# :VIDEO: Green Dragon Plakat



## MettaBettaKnight (Oct 25, 2015)

Hi Betta people, I'm new here. I just got back into the hobby a couple months ago. Just wanted to show my Betta and see what you guys think, is he show worthy? 

https://www.youtube.com/watch?v=_1dkmItpa14


----------



## BlueInkFish (Jan 13, 2013)

I don't know much about hmpk form and finnage, but I'd like to say he is quite the looker!

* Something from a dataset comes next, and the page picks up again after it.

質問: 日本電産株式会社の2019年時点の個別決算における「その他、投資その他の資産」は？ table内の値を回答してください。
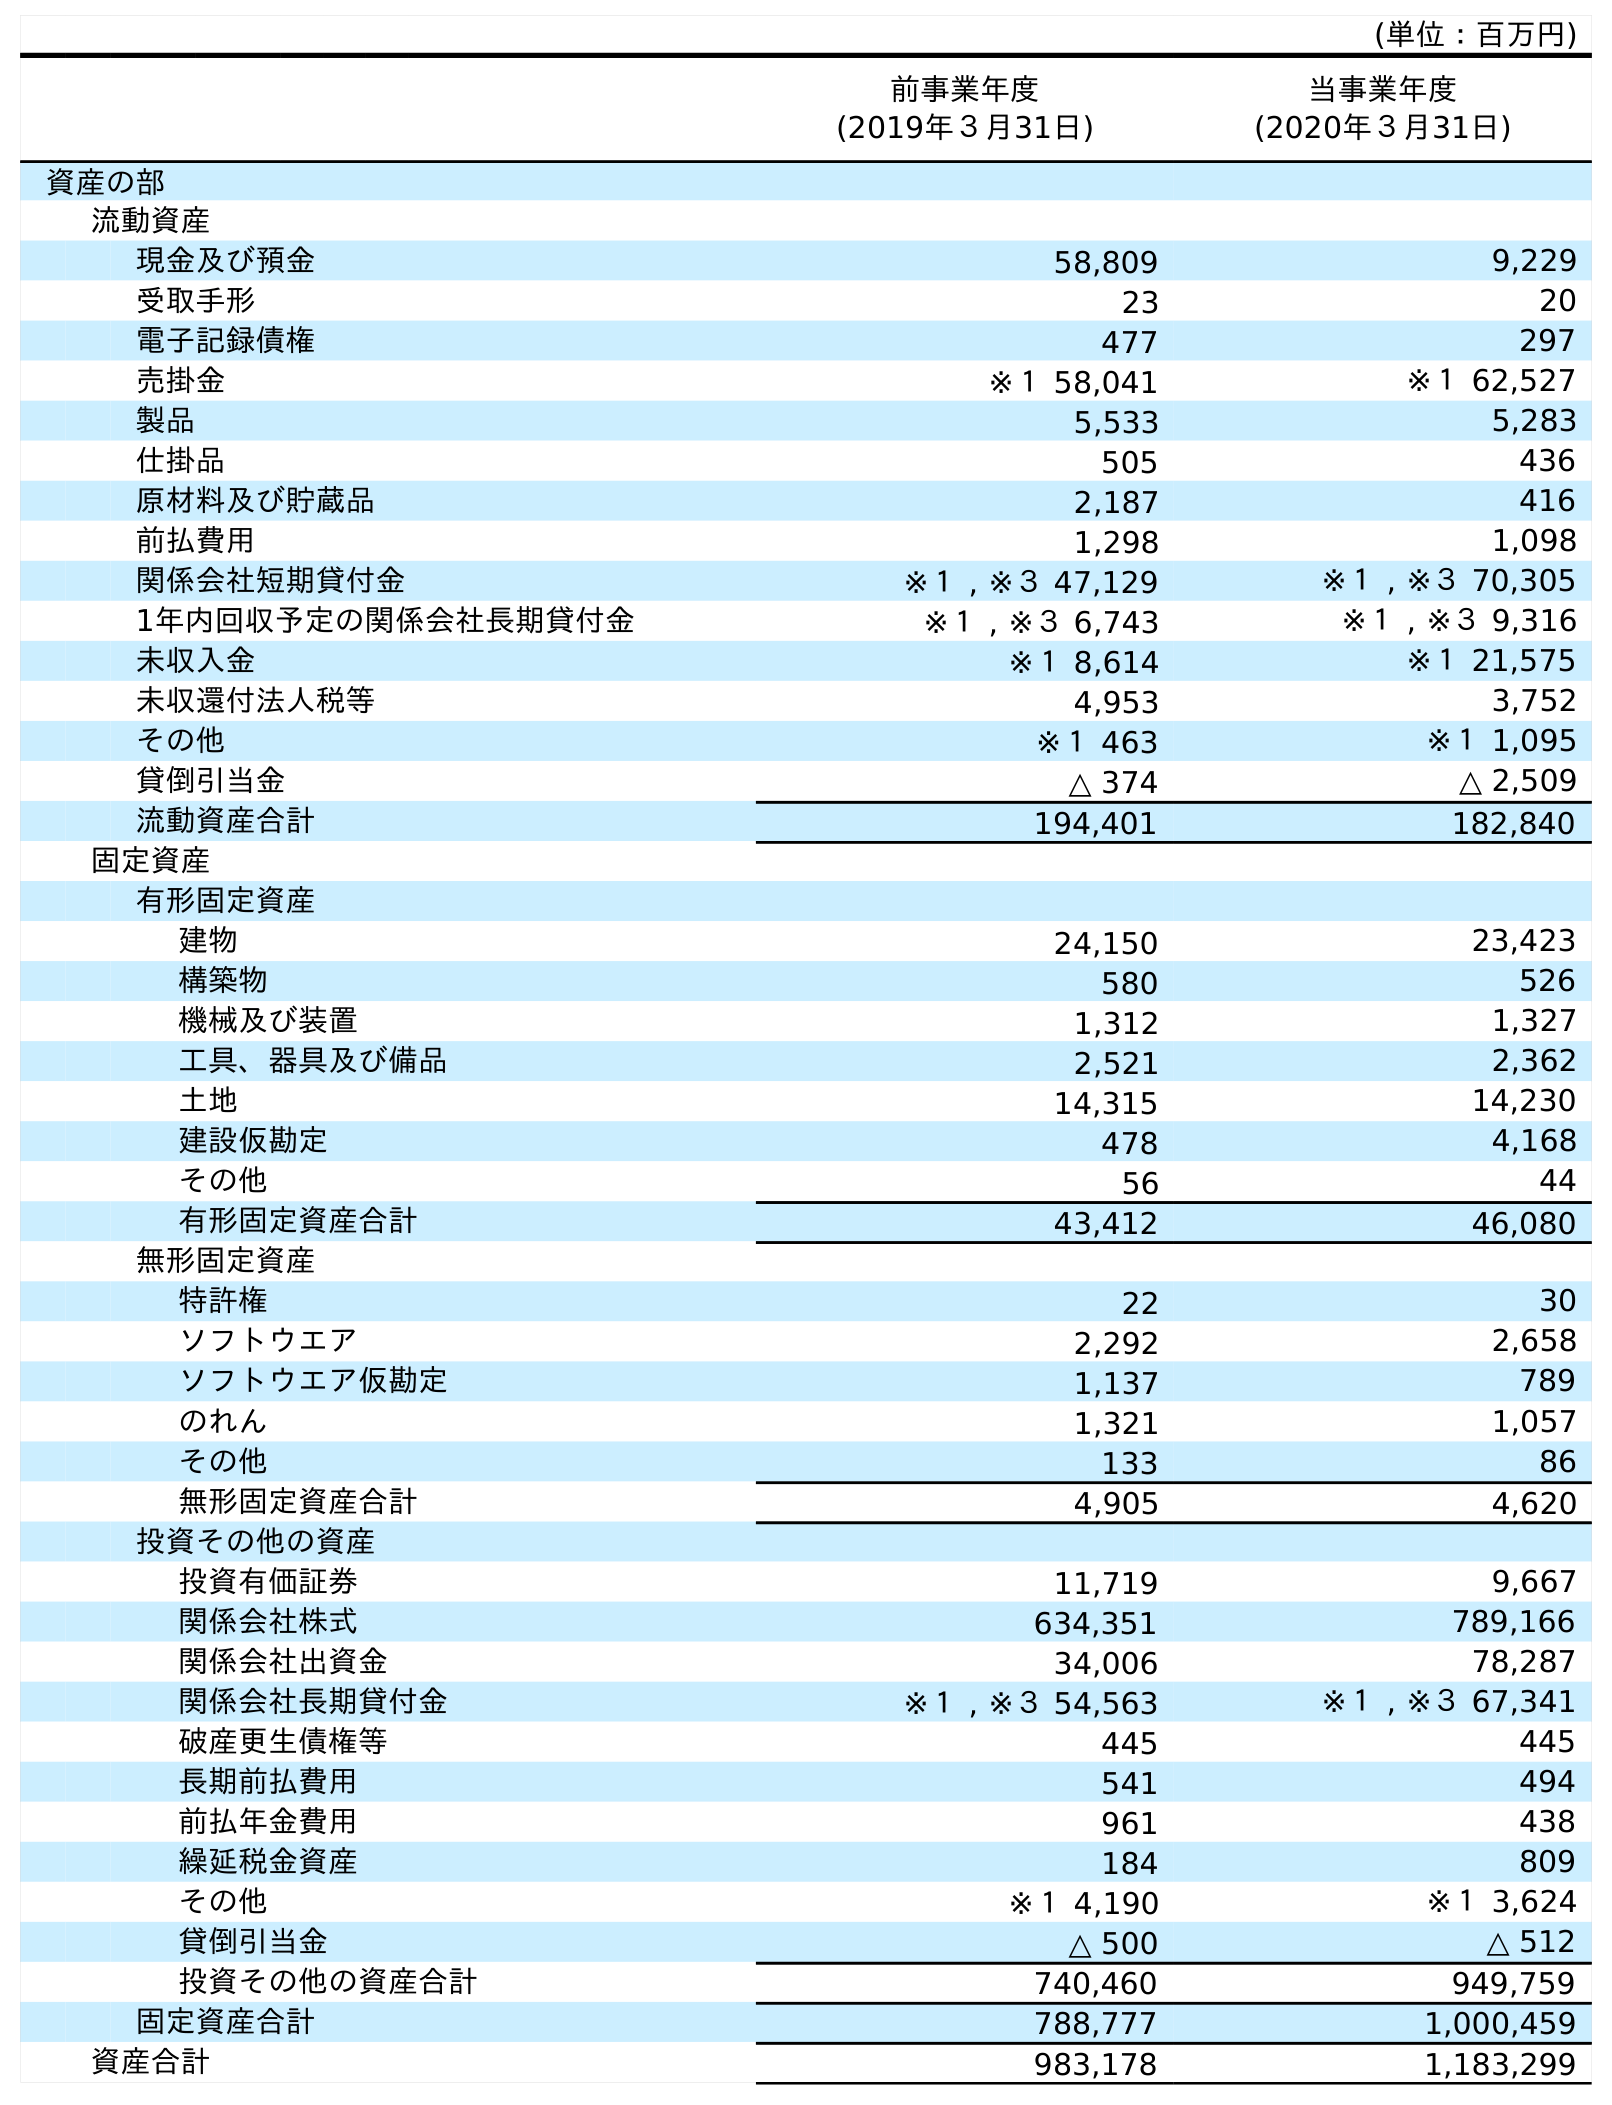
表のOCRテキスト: (単位：百万円) 前事業年度 (2019年３月31日) 当事業年度 (2020年３月31日) 資産の部 流動資産 現金及び預金 58,809 9,229 受取手形 23 20 電子記録債権 477 297 売掛金 ※１ 58,041 ※１ 62,527 製品 5,533 5,283 仕掛品 505 436 原材料及び貯蔵品 2,187 416 前払費用 1,298 1,098 関係会社短期貸付金 ※１ , ※３ 47,129 ※１ , ※３ 70,305 1年内回収予定の関係会社長期貸付金 ※１ , ※３ 6,743 ※１ , ※３ 9,316 未収入金 ※１ 8,614 ※１ 21,575 未収還付法人税等 4,953 3,752 その他 ※１ 463 ※１ 1,095 貸倒引当金 △ 374 △ 2,509 流動資産合計 194,401 182,840 固定資産 有形固定資産 建物 24,150 23,423 構築物 580 526 機械及び装置 1,312 1,327 工具、器具及び備品 2,521 2,362 土地 14,315 14,230 建設仮勘定 478 4,168 その他 56 44 有形固定資産合計 43,412 46,080 無形固定資産 特許権 22 30 ソフトウエア 2,292 2,658 ソフトウエア仮勘定 1,137 789 のれん 1,321 1,057 その他 133 86 無形固定資産合計 4,905 4,620 投資その他の資産 投資有価証券 11,719 9,667 関係会社株式 634,351 789,166 関係会社出資金 34,006 78,287 関係会社長期貸付金 ※１ , ※３ 54,563 ※１ , ※３ 67,341 破産更生債権等 445 445 長期前払費用 541 494 前払年金費用 961 438 繰延税金資産 184 809 その他 ※１ 4,190 ※１ 3,624 貸倒引当金 △ 500 △ 512 投資その他の資産合計 740,460 949,759 固定資産合計 788,777 1,000,459 資産合計 983,178 1,183,299
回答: ※１4,190

May I ask, what brand of tank is that? I love the shape and appearance of it! I'm considering buying one of those exact tank dimensions. Interesting! Please let me know where you got yours! I'd love to buy one as soon as possible ;-)


----------



## MettaBettaKnight (Oct 25, 2015)

Hi, the brand is Do!Aqua, a subsidiary of the brand ADA(aqua design Amano).
The tank is a 45F. You can check it out and purchase one from here:http://www.adana-usa.com/index.php?main_page=product_info&cPath=65_101&products_id=808#prettyPhoto

And if you want to pay a higher price you can get the high clarity ADA-45F: http://www.adana-usa.com/index.php?main_page=product_info&products_id=277#prettyPhoto

They also carry the larger 60F. Other vendors carry the 90F 120F 170F etc. but those are harder to source and much more expensive.


----------